We first sort initial for tie-breaking. We compute connected components using DFS, tracking the size and component ID for each node. Then, we count how many initially infected nodes are in each component. Only nodes that are the sole infected node in a component can reduce the infection. We select the node that saves the largest component.

Go Solution

func minMalwareSpread(graph [][]int, initial []int) int {
    n := len(graph)
    
    // Step 1: Sort initial for tie-breaking
    sort.Ints(initial)
    
    // Step 2: Find connected components
    visited := make([]bool, n)
    componentID := make([]int, n)
    componentSize := []int{}
    
    var dfs func(node, cid int) int
    dfs = func(node, cid int) int {
        visited[node] = true
        componentID[node] = cid
        size := 1
        for nei, connected := range graph[node] {
            if connected == 1 && !visited[nei] {
                size += dfs(nei, cid)
            }
        }
        return size
    }
    
    cid := 0
    for i := 0; i < n; i++ {
        if !visited[i] {
            size := dfs(i, cid)
            componentSize = append(componentSize, size)
            cid++
        }
    }
    
    // Step 3: Count initially infected nodes per component
    infectedCount := make([]int, cid)
    for _, node := range initial {
        infectedCount[componentID[node]]++
    }
    
    // Step 4: Find the best node to remove
    result := initial[0]
    maxSaved := -1
    for _, node := range initial {
        c := componentID[node]
        if infectedCount[c] == 1 && componentSize[c] > maxSaved {
            maxSaved = componentSize[c]
            result = node
        }
    }
    
    return result
}

Explanation: Go implementation mirrors Python closely.
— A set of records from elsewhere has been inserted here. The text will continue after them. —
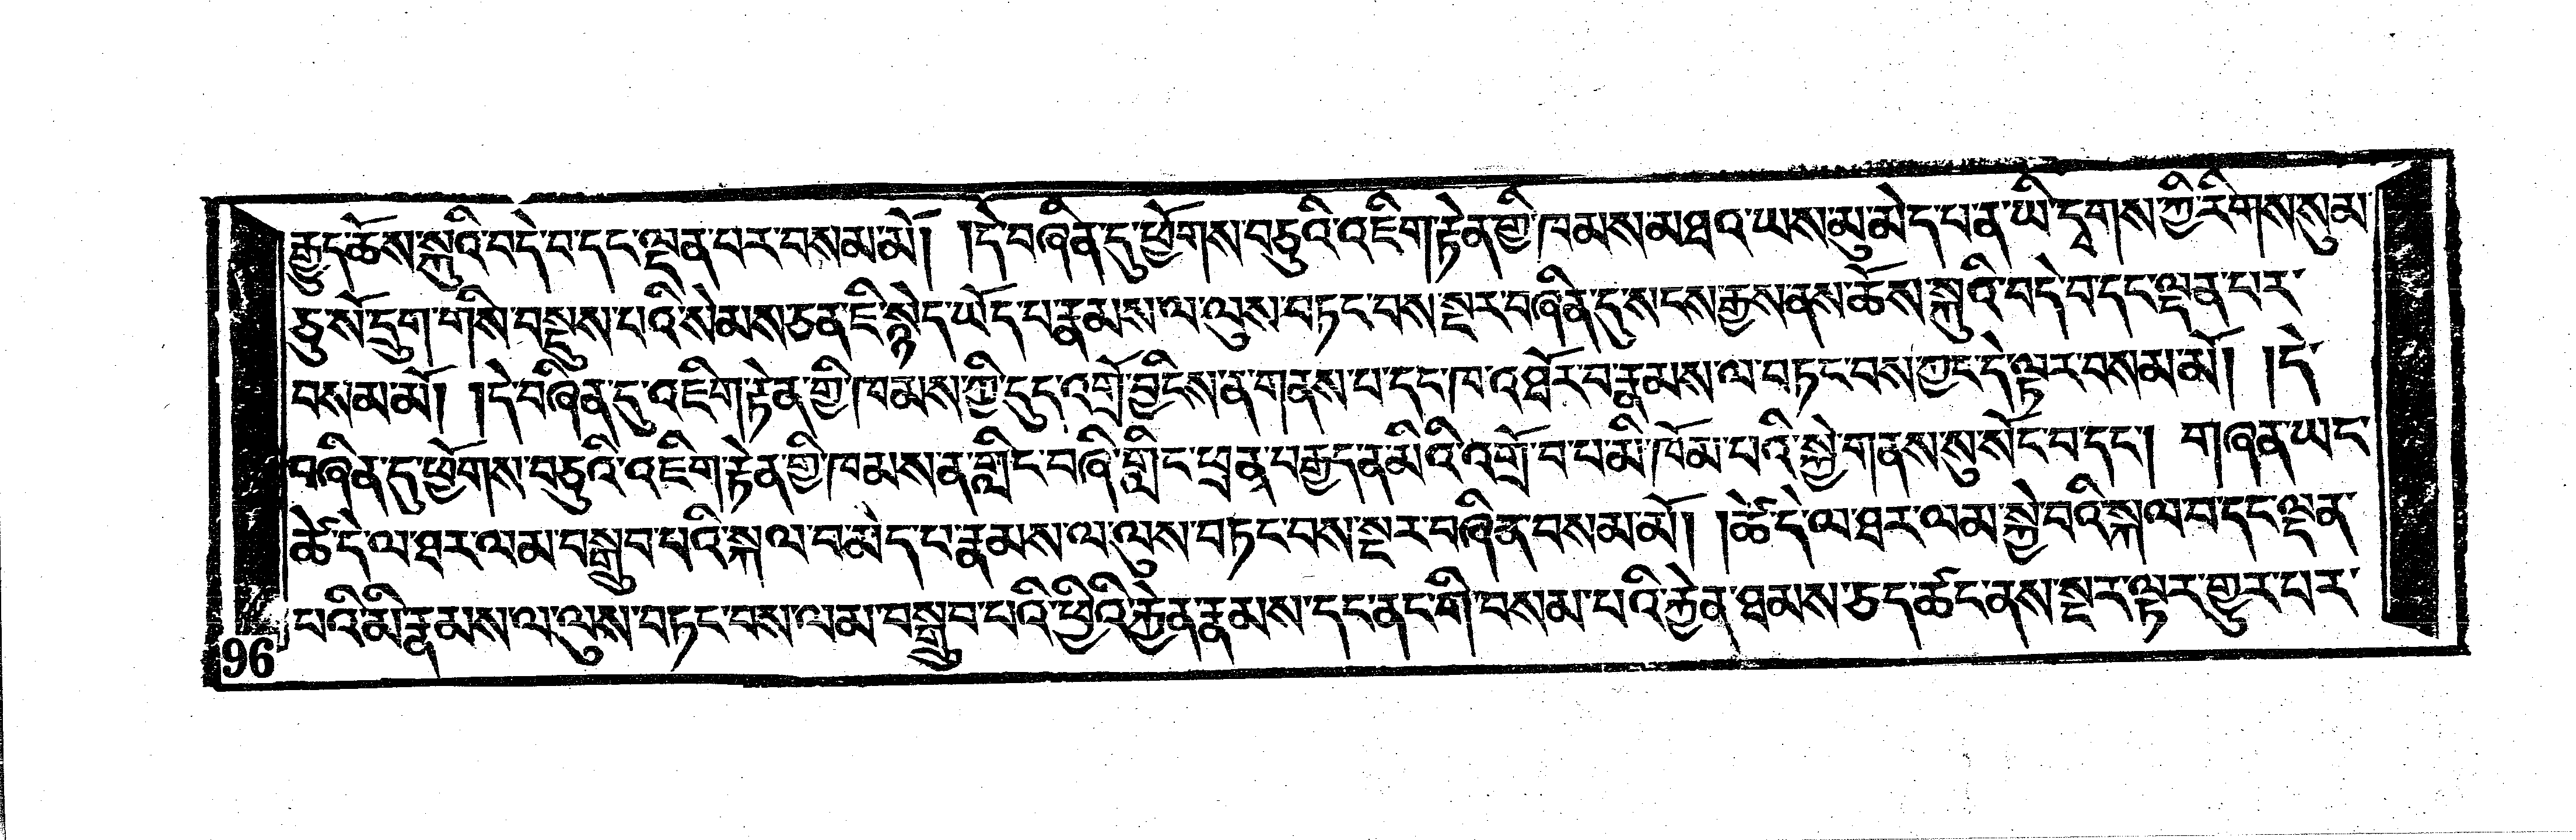རྒྱུད་ཆོས་སྐུའི་བདེ་བ་དང་ལྡན་པར་བསམ་མོ། །དེ་བཞིན་དུ་ཕྱོགས་བཅུའི་འཇིག་རྟེན་གྱི་ཁམས་མཐའ་ཡས་མུ་མེད་པ་ན་ཡི་དྭགས་ཀྱི་རིགས་སུམ་
ཅུ་སོ་དྲུག་གིས་བསྡུས་པའི་སེམས་ཅན་ཇི་སྙེད་ཡོད་པ་རྣམས་ལ་ལུས་བཏང་བས་སྔར་བཞིན་དུ་སངས་རྒྱས་ནས་ཆོས་སྐུའི་བདེ་བ་དང་ལྡན་པར་
བསམ་མོ། །དེ་བཞིན་དུ་འཇིག་རྟེན་གྱི་ཁམས་ཀྱི་དུད་འགྲོ་བྱིངས་ན་གནས་པ་དང་ཁ་འཐོར་བ་རྣམས་ལ་བཏང་བས་ཀྱང་དེ་ལྟར་བསམ་མོ། །དེ་
བཞིན་དུ་ཕྱོགས་བཅུའི་འཇིག་རྟེན་གྱི་ཁམས་ན་གླིང་བཞི་གླིང་ཕྲན་བརྒྱད་ན་མིའི་འགྲོ་བ་པ་མི་ཁོམ་པའི་སྐྱེ་གནས་སུ་སོང་བ་དང་། གཞན་ཡང་
ཚེ་དེ་ལ་ཐར་ལམ་བསྒྲུབ་པའི་སྐལ་བ་མེད་པ་རྣམས་ལ་ལུས་བཏང་བས་སྔར་བཞིན་བསམ་མོ། །ཚེ་དེ་ལ་ཐར་ལམ་སྐྱེ་བའི་སྐལ་བ་དང་ལྡན་
པའི་མི་རྣམས་ལ་ལུས་བཏང་བས་ལམ་བསྒྲུབ་པའི་ཕྱིའི་རྐྱེན་རྣམས་དང་ནང་གི་བསམ་པའི་རྐྱེན་ཐམས་ཅད་ཚང་ནས་སྔར་ལྟར་གྱུར་པར་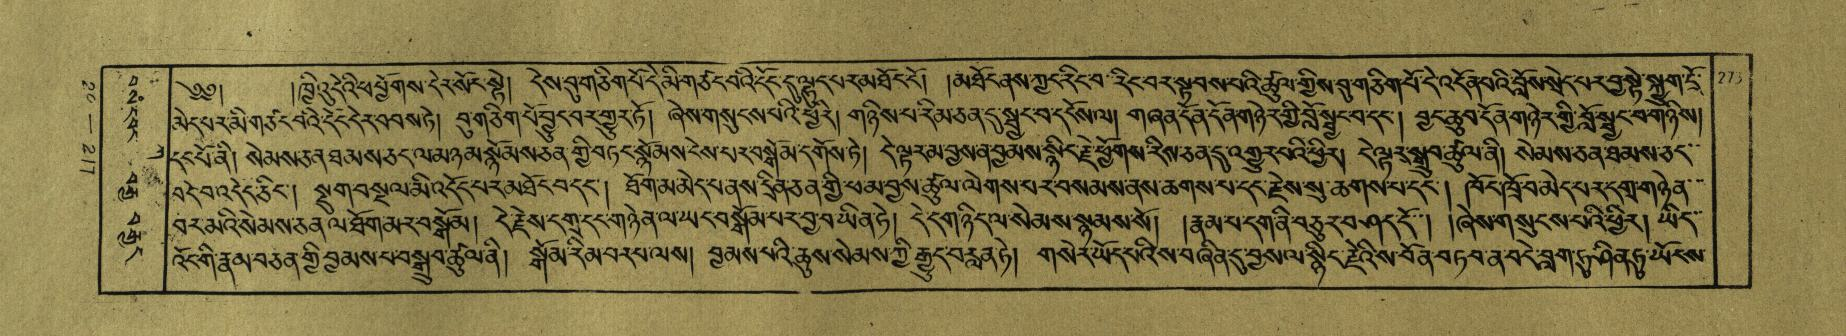༄༅། །ཁྱིའུ་དེའི་ཕ་ཕྱོགས་དེར་སོང་སྟེ། དེས་བུ་གཅིག་པོ་དེ་མི་གཙང་བའི་དོང་དུ་ལྷུང་པར་མཐོང་ངོ། །མཐོང་ནས་ཀྱང་རིང་བ་རིང་བར་སྟབས་པའི་ཚུལ་གྱིས་བུ་གཅིག་པོ་དེ་འདོན་པའི་བློས་སྲེད་པར་བྱ་སྟེ་སྐྱུག་དྲོ་
མེད་པར་མི་གཙང་བའི་དོང་དེར་བབས་ཏེ། བུ་གཅིག་པོ་བྱུང་བར་གྱུར་ཏོ། ཞེས་གསུངས་པའི་ཕྱིར། གཉིས་པ་རིམ་ཅན་དུ་སྦྱང་བ་དངོས་ལ། གཞན་དོན་དོན་གཉེར་གྱི་བློ་སྦྱང་བ་དང་། བྱང་ཆུབ་དོན་གཉེར་གྱི་བློ་སྦྱང་བ་གཉིས།
དང་པོ་ནི། སེམས་ཅན་ཐམས་ཅད་ལ་མཉམ་སྙོམས་ཅན་གྱི་བཏང་སྙོམས་ངེས་པར་བསྒོམ་དགོས་ཏེ། དེ་ལྟར་མ་བྱས་ན་བྱམས་སྙིང་རྗེ་ཕྱོགས་རིས་ཅན་དུ་འགྱུར་པའི་ཕྱིར། དེ་ལྟར་སྒྲུབ་ཚུལ་ནི། སེམས་ཅན་ཐམས་ཅད་
བདེ་བ་འདོད་ཅིང་། སྡུག་བསྔལ་མི་འདོད་པར་མཐོང་བ་དང་། ཐོག་མ་མེད་པ་ནས་དྲིན་ཅན་གྱི་ཕ་མ་བྱས་ཚུལ་ལེགས་པར་བསམས་ནས་ཆགས་པ་དང་རྗེས་སུ་ཆགས་པ་དང་། ཁོང་ཁྲོ་བ་མེད་པར་དགྲ་གཉེན་
བར་མའི་སེམས་ཅན་ལ་ཐོག་མར་བསྒོམ། དེ་རྗེས་དགྲ་དང་གཉེན་ལ་ཡང་བསྒོམ་པར་བྱ་བ་ཡིན་ཏེ། དེ་དག་ཉིད་ལ་སེམས་སྙམས་སོ། །རྣམ་པ་དག་ནི་བཅུར་བཤད་དོ། །ཞེས་གསུངས་པའི་ཕྱིར། ཡིད་
འོང་གི་རྣམ་བ་ཅན་གྱི་བྱམས་པ་བསྒྲུབ་ཚུལ་ནི། སྒོམ་རིམ་པར་པ་ལས། བྱམས་པའི་ཆུས་སེམས་ཀྱི་རྒྱུད་བརླན་ཏེ། གསེར་ཡོད་པའི་ས་བཞིན་དུ་བྱས་ལ་སྙིང་རྗེའི་ས་བོན་བཏབ་ན་བདེ་བླག་ཏུ་ཤིན་ཏུ་ཡོངས་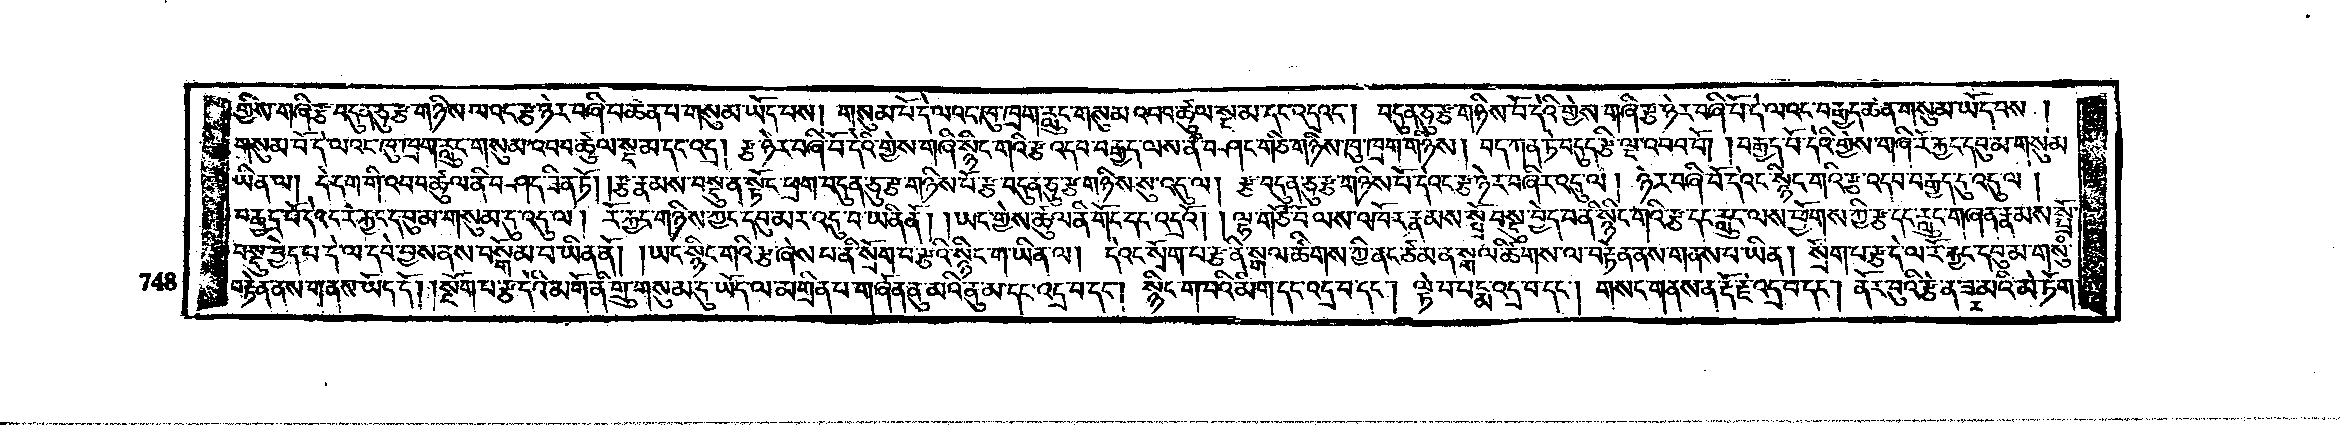གྱིས་གཟི་རྩ་བདུན་ཅུ་རྩ་གཉིས་ལའང་ཉེར་བཞི་པ་ཚན་པ་གསུམ་ཡོད་པས། གསུམ་པོ་དེ་ལའང་ཁུ་ཁྲག་རླུང་གསུམ་འབབ་ཚུལ་སྔ་མ་དང་འདྲའང་། བདུན་ཅུ་རྩ་གཉིས་པོ་དེའི་གྱེས་གཞི་རྩ་ཉེར་བཞི་པོ་དེ་ལའང་བརྒྱད་ཚན་གསུམ་ཡོད་པས།
གསུམ་པོ་དེ་ལའང་ཁུ་ཁྲག་རླུང་གསུམ་འབབ་ཚུལ་སྔ་མ་དང་འདྲ། རྩ་ཉེར་བཞི་པོ་དེའི་གྱེས་གཞི་སྙིང་གའི་རྩ་འདབ་བརྒྱད་ལས་ནི་བཤང་གཅི་གཉིས་ཁུ་ཁྲག་གཉིས། བད་ཀན་ཏེ་བདུད་རྩི་ལྔ་འབབ་པོ། །བརྒྱད་པོ་དེའི་གྱེས་གཞི་རོ་རྐྱང་དབུ་མ་གསུམ་
ཡིན་ལ། དེ་དག་གི་འབབ་ཚུལ་ནི་བཤད་ཟིན་ཏོ། །རྩ་རྣམས་བསྡུ་ན་སྟོང་ཕྲག་བདུན་ཅུ་རྩ་གཉིས་པོ་རྩ་བདུན་ཅུ་རྩ་གཉིས་སུ་འདུ་ལ། རྩ་བདུན་ཅུ་རྩ་གཉིས་པོ་དེའང་རྩ་ཉེར་བཞིར་འདུ་ལ། ཉེར་བཞི་བོ་དེའང་སྙིང་གའི་རྩ་འདབ་བརྒྱད་དུ་འདུ་ལ།
བརྒྱད་པོ་དེའང་རེ་རྐྱང་དབུ་མ་གསུམ་དུ་འདུ་ལ། རོ་རྐྱང་གཉིས་ཀྱང་དབུ་མར་འདུ་བ་ཡིན་ནོ། །ཡང་གྱེས་ཚུལ་ནི་གོང་དང་འདྲའོ། །ལྷ་གཙོ་བོ་ལས་འཁོར་རྣམས་སྤྲོ་བསྡུ་བྱེད་པ་ནི་སྙིང་གའི་རྩ་དང་རླུང་ལས་ཕྱོགས་ཀྱི་རྩ་དང་རླུང་གཞན་རྣམས་སྤྲོ་
བསྡུ་བྱེད་པ་དེ་ལ་དཔེ་བྱས་ནས་བསྒོམ་པ་ཡིན་ནོ། །ཡང་སྙིང་གའི་རྩ་ཞེས་པ་ནི་སྲོག་པ་རྩའི་སྙིང་ག་ཡིན་ལ། དེའང་སྲོག་པ་རྩ་ནི་སྒལ་ཚིགས་ཀྱི་ནང་ཙམ་ན་སྒལ་ཚིགས་ལ་བརྟེན་ནས་གནས་པ་ཡིན། སྲོག་པ་རྩ་དེ་ལ་རོ་རྐྱང་དབུ་མ་གསུམ་
བརྟེན་ནས་གནས་ཡོད་དོ། །སྲོག་པ་རྩ་དེའི་མགོ་ནི་གྲུ་གསུམ་དུ་ཡོད་ལ་མགྲིན་པ་གཞོན་ནུ་མའི་ནུ་མ་དང་འདྲ་བ་དང་། སྙིང་ག་བའི་མིག་དང་འདྲ་བ་དང་། ལྟེ་བ་པདམ་འདྲ་བ་དང་། གསང་གནས་ན་རྡོ་རྗེ་འདྲ་བ་དང་། ནོར་བུའི་རྩེ་ན་ཟར་མའི་མེ་ཏོག་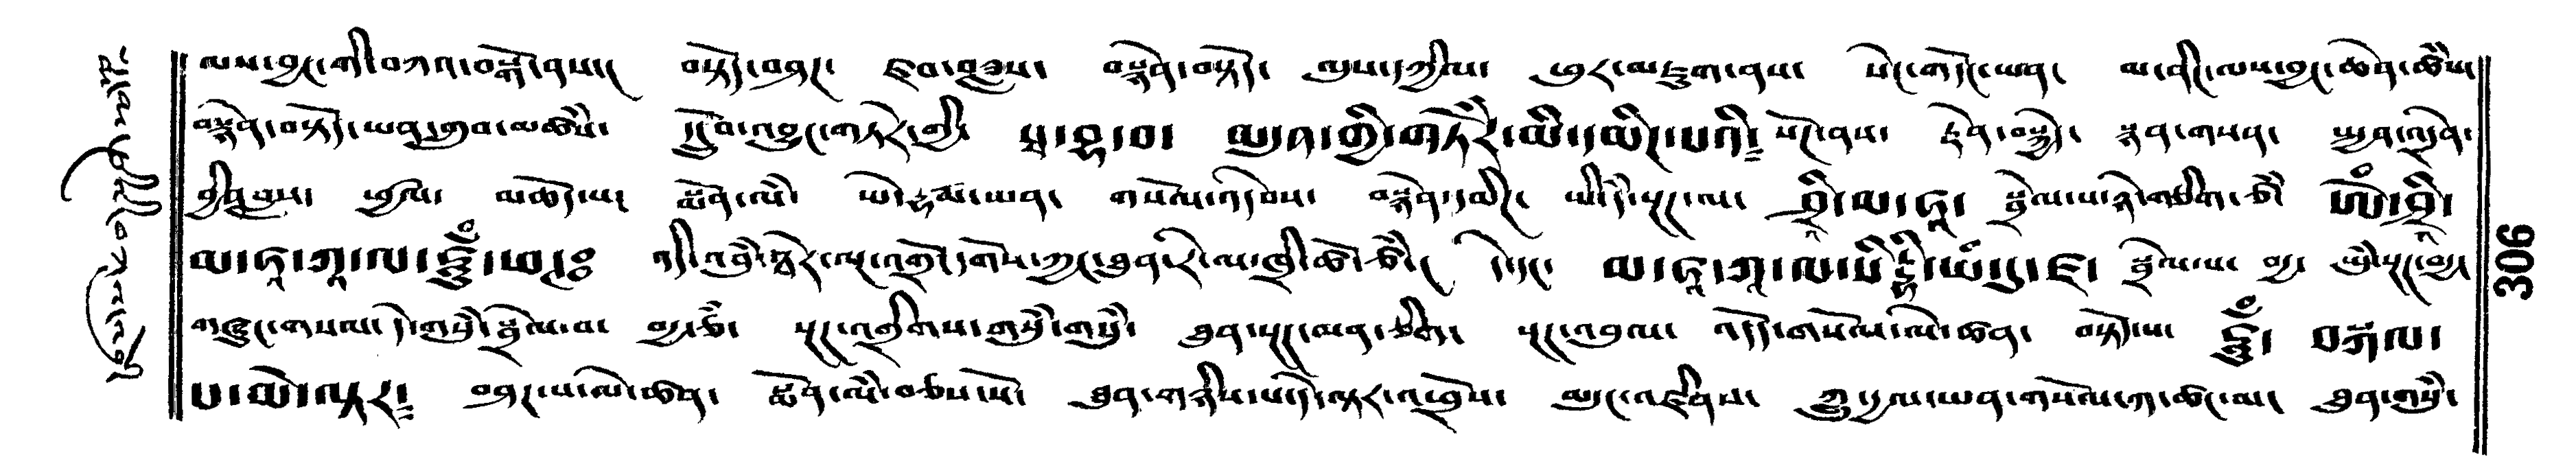ལས་བྱང་གི་བཀའ་བསྒོ་ནས། བསྟོད་བཤགས། འཛབ་བཟླས། བསྙེན་བསྟོད། ལུས་དཀྱིལ། ཕུར་མཇུག་ནས། སེང་གདོང་ཡན། མ་ནིང་ལས་བྱང་
བསྙེན་བསྟོད་ཡན་གྲུབ་མཚམས། དངོས་གྲུབ་འབྱུང་གཏེར་གྱི། སྭ་བྷ་བ༴ མདུན་གྱི་གཏོར་མ་མི་དམིགས་པའི༴ སོགས་ནས། རྟེན་བསྐྱེད། སྙན་གསན། སྤྱན་འདྲེན། 
བྱིན་རླབས། ཕྱག་འཚལ། མཆོད་པ། སྨོན་ལམ། ཡེ་དྷརྨ༴ ཡན། གསོལ་འདེབས། བསྙེན་དམིགས། ཡི་དམ་སྔགས་ལ། ཤྲཱི་མ་ཧཱ༴ སྦྲེལ་པ་ཉེར་གཅིག་ཙམ། ཨོཾ་ཤྲཱི་
མ་ཧཱ་ཀཱ་ལ་ཧཱུྃ་ཕཊཿ འདི་འབུམ་ཉེར་ལྔ་འགྲོ་དགོས་ཀྱང་ཐུན་རེ་ལ་ཁྲི་ཚོ་ཙམ། དེ་དང་། མ་ཧཱ་ཀཱ་ལ་སིདྡྷི་ཡཾ་དུ་ཛཿ སྦྲེལ་པ་བརྒྱ། ཡུམ་སྔགས་བརྒྱ་
གཞུང་དུ་གསལ་བ་དེ་གསུམ་སྦྲེལ་བ་བརྒྱ་ཙམ། སྔགས་འགྲིགས་གསུམ་གསུམ། ཐུན་སྔགས་ལན་ཅིག སྔགས་འབུལ། འདོད་གསོལ་ལེ་ཚན། བསྟོད་པ། ཧཱུྃ། བསྐལ་
པ་མེ་ལྟར༴ བཤགས་པ་ལེ་ཚན། སྨོན་ལམ་བཅས་སོ། ཐུན་གཉིས་པ་དེ་ལྟར་འཕྲོས། མདུང་འཛིན་ནས། ཀླུ་རྒྱལ་ཡན་གསོལ་ཀ་ཚང་མ། ཐུན་གསུམ་

We use slices for visited tracking, component sizes, and IDs. The DFS is implemented as a closure to allow recursion while accessing outer variables. Sorting the initial slice ensures tie-breaking by smallest index.

Worked Examples

Example 1

Input: graph = [[1,1,0],[1,1,0],[0,0,1]], initial = [0,1]

Connected components:

Component 0: nodes {0,1}, size 2
Component 1: node {2}, size 1

Initially infected counts per component: {2, 0} (nodes 0 and 1 in the same component)
No component has exactly one infected node, so remove smallest index in initial → 0

Output: 0

Example 2

Input: graph = [[1,1,0],[1,1,1],[0,1,1]], initial = [0,1]

Connected component: nodes {0,1,2}, size 3
Infected count = 2 → cannot save any nodes
Remove smallest index → 1

Output: 1

Example 3

Input: graph = [[1,1,0,0],[1,1,1,0],[0,1,1,1],[0,0,1,1]], initial = [0,1]

Connected component: nodes {0,1,2,3}, size 4
Infected count = 2 → cannot save any nodes
Remove smallest index → 1

Output: 1

Complexity Analysis

Measure	Complexity	Explanation
Time	O(n^2)	DFS over adjacency matrix requires visiting each edge in the n x n graph
Space	O(n)	Arrays for visited, component ID, infected counts, and recursion stack

Since the adjacency matrix has O(n^2) entries, DFS will traverse up to all n^2 edges in the worst case.